AWS Startups Blog
Mainframe 2: How the Cloud Became Visual
Lessons Learned from Our First Two Years
Twelve months ago we launched Mainframe2, a cloud service that lets you run any software in a browser. Instead of an expensive workstation, all you need is a good Internet connection and any device with a screen — our visual cloud takes care of the rest.
Our customers today include a wide range of businesses, from startups to major software vendors like Adobe, using Mainframe2 for SaaS-like distribution of packaged Windows applications. We’re still in the early days of the PC-to-the-cloud shift for graphics apps, but we’ve learned a lot while witnessing the birth of the visual cloud and would like to share some of our experiences with you.
The Beginnings
Our journey started in early 2012. As CTO of MotionDSP, I was responsible for designing and shipping world-class video processing software. The technology, like many others, was packaged as Windows software. It was hard not to envy my counterparts in SaaS companies: Wouldn’t it be great to build one version of our application that we’d deliver as a service and update whenever we wanted?
But it was 2012, and the cloud lacked one key feature: graphics. That meant no OpenGL, DirectX, or CUDA. Our software couldn’t work without those GPU APIs, and neither could thousands of other apps built over the last decade. It seemed that we were stuck with Windows PCs.
Still, the idea of cloud GPUs provoked many questions: Even if the right GPU hardware was available, how would a software developer really deliver apps from the cloud? Who’d make sure that the streaming is smooth and that scaling works out of the box? Who would make it all happen?
Once I started thinking about all of this, I just couldn’t get it out of my head. I knew that the new platform to “make it all happen” would be incredibly valuable to our existing business. It would solve our distribution problem, and we could really focus on technology and domain expertise. Even more important was a market opportunity insight: There were so many others who could use it!
There was one obvious thing missing: no clear infrastructure target on the horizon. But armed with the hope of meeting our perfect match down the road, my two colleagues and I took the plunge and began furiously building the first version of Mainframe2.
When we first fired it up almost a year later, it ran on a farm of 10 PCs and was hosted out of my house. Even at that scale, it was a pain to maintain, but it gave us an incredibly useful proof-of-concept platform. We focused on the core app streaming experience, which early users found to be impressive — many couldn’t believe they were running heavy-duty Windows apps on their thin Macbook Airs or Ultrabooks.
My home electricity bill dropped significantly when we raised our first round of seed funding and moved servers to a collocated facility. (It also helped that our outbound bandwidth was not maxing out at 5 Mbps anymore.) We bought more servers, tripled our capacity, and expanded customer tests. But it was clear that for us to scale, that perfect infrastructure had to show up.
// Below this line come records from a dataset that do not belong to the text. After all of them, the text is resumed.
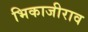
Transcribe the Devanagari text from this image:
भिकाजीराव
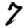
Digit: 7
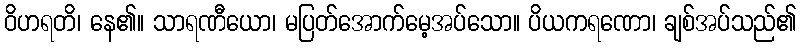
ဝိဟရတိ၊ နေ၏။ သာရဏီယော၊ မပြတ်အောက်မေ့အပ်သော။ ပိယကရဏော၊ ချစ်အပ်သည်၏
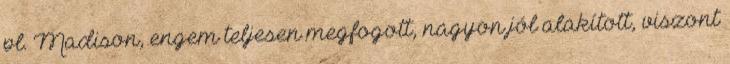
pl. Madison, engem teljesen megfogott, nagyon jól alakított, viszont
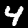
Digit: 4
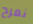
نمرح
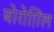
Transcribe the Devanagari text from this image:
बोरोग़िल
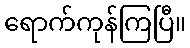
ရောက်ကုန်ကြပြီ။
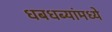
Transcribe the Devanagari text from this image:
धबधब्यांमध्ये
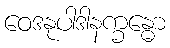
ဝေဒနုပါဒါနက္ခန္ဓော
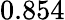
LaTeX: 0.854
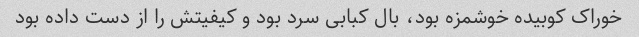
خوراک کوبیده خوشمزه بود، بال کبابی سرد بود و کیفیتش را از دست داده بود
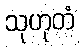
သုဟုတံ
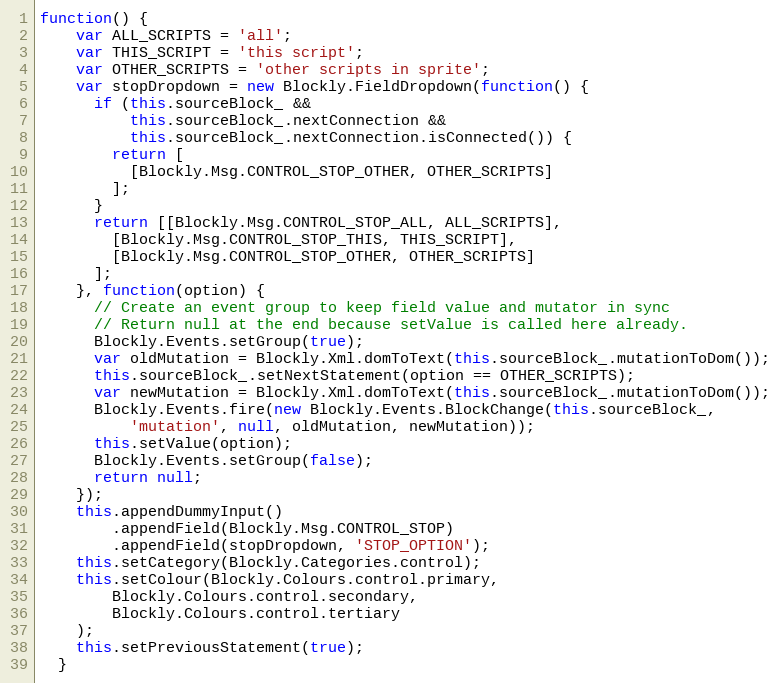
Language: JavaScript
function() {
    var ALL_SCRIPTS = 'all';
    var THIS_SCRIPT = 'this script';
    var OTHER_SCRIPTS = 'other scripts in sprite';
    var stopDropdown = new Blockly.FieldDropdown(function() {
      if (this.sourceBlock_ &&
          this.sourceBlock_.nextConnection &&
          this.sourceBlock_.nextConnection.isConnected()) {
        return [
          [Blockly.Msg.CONTROL_STOP_OTHER, OTHER_SCRIPTS]
        ];
      }
      return [[Blockly.Msg.CONTROL_STOP_ALL, ALL_SCRIPTS],
        [Blockly.Msg.CONTROL_STOP_THIS, THIS_SCRIPT],
        [Blockly.Msg.CONTROL_STOP_OTHER, OTHER_SCRIPTS]
      ];
    }, function(option) {
      // Create an event group to keep field value and mutator in sync
      // Return null at the end because setValue is called here already.
      Blockly.Events.setGroup(true);
      var oldMutation = Blockly.Xml.domToText(this.sourceBlock_.mutationToDom());
      this.sourceBlock_.setNextStatement(option == OTHER_SCRIPTS);
      var newMutation = Blockly.Xml.domToText(this.sourceBlock_.mutationToDom());
      Blockly.Events.fire(new Blockly.Events.BlockChange(this.sourceBlock_,
          'mutation', null, oldMutation, newMutation));
      this.setValue(option);
      Blockly.Events.setGroup(false);
      return null;
    });
    this.appendDummyInput()
        .appendField(Blockly.Msg.CONTROL_STOP)
        .appendField(stopDropdown, 'STOP_OPTION');
    this.setCategory(Blockly.Categories.control);
    this.setColour(Blockly.Colours.control.primary,
        Blockly.Colours.control.secondary,
        Blockly.Colours.control.tertiary
    );
    this.setPreviousStatement(true);
  }
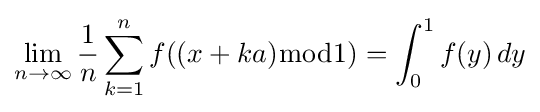
\lim _{n\to \infty }{\frac {1}{n}}\sum _{k=1}^{n}f((x+ka){\bmod {1}})=\int _{0}^{1}f(y)\,dy
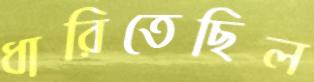
ধারিতেছিল
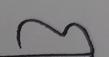
Signature authenticity: forged
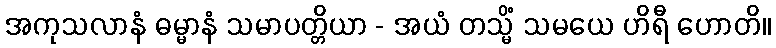
အကုသလာနံ ဓမ္မာနံ သမာပတ္တိယာ - အယံ တသ္မိံ သမယေ ဟိရီ ဟောတိ။
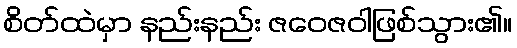
စိတ်ထဲမှာ နည်းနည်း ဇဝေဇဝါဖြစ်သွား၏။
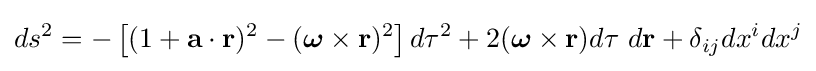
ds^{2}=-\left[(1+\mathbf {a} \cdot \mathbf {r} ){}^{2}-({\boldsymbol {\omega }}\times \mathbf {r} ){}^{2}\right]d\tau ^{2}+2({\boldsymbol {\omega }}\times \mathbf {r} )d\tau \ d\mathbf {r} +\delta _{ij}dx^{i}dx^{j}
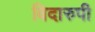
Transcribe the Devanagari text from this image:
विदारुपी
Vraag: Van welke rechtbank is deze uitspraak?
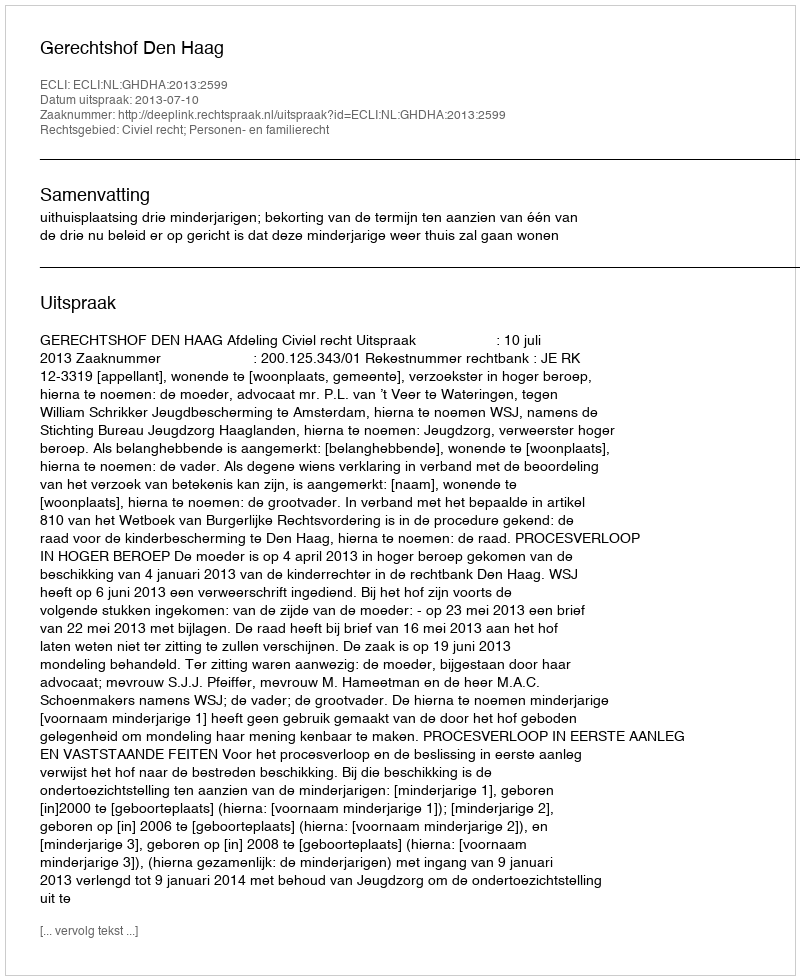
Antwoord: Gerechtshof Den Haag
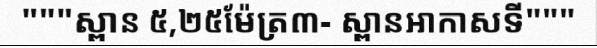
"""ស្ពាន ៥,២៥ម៉ែត្រ៣- ស្ពានអាកាសទី"""
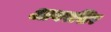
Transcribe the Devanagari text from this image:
आयरशिर
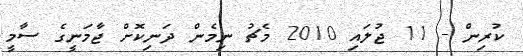
ކުރިން - 11 ޖުލައި 2010 މެޗު ނިމެން ދަނިކޮށް ޖާމަނީގެ ސާމީ
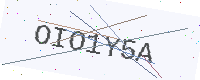
Text: OIO1Y5A
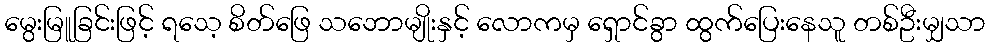
မွေးမြူခြင်းဖြင့် ရသေ့ စိတ်ဖြေ သဘောမျိုးနှင့် လောကမှ ရှောင်ခွာ ထွက်ပြေးနေသူ တစ်ဦးမျှသာ

Then everything changed in August 2013. One of our early customers introduced us to the right team at AWS. You can imagine our excitement when we found out that the new NVIDIA GPU-powered instance, the g2.2xlarge, was about to launch later that fall. Talk about the skating to the where puck is going to be! With GPU instances soon to go live on AWS, we had a shot at putting Mainframe2 in front of tens of thousands of customers.
The Launch
For every startup, getting to the right customer is a long process. It may take weeks or months just to figure out who to talk to. “But if we could get customers to reach out to us,” we thought, “we’d know who all these people are right away!”
With the launch of the new GPU instance around the corner, we decided to use our tiny marketing budget on a large-scale live demo of Mainframe2. “Tell me and I’ll forget; show me and I may remember; involve me and I’ll understand,” says an old Chinese proverb. To get users involved, we let anyone with Internet access stream Adobe Photoshop. And they didn’t even have to leave the blogs that covered our launch to run it; we invented an HTML5 terminal that was easily embeddable into any web page with a single line of a code.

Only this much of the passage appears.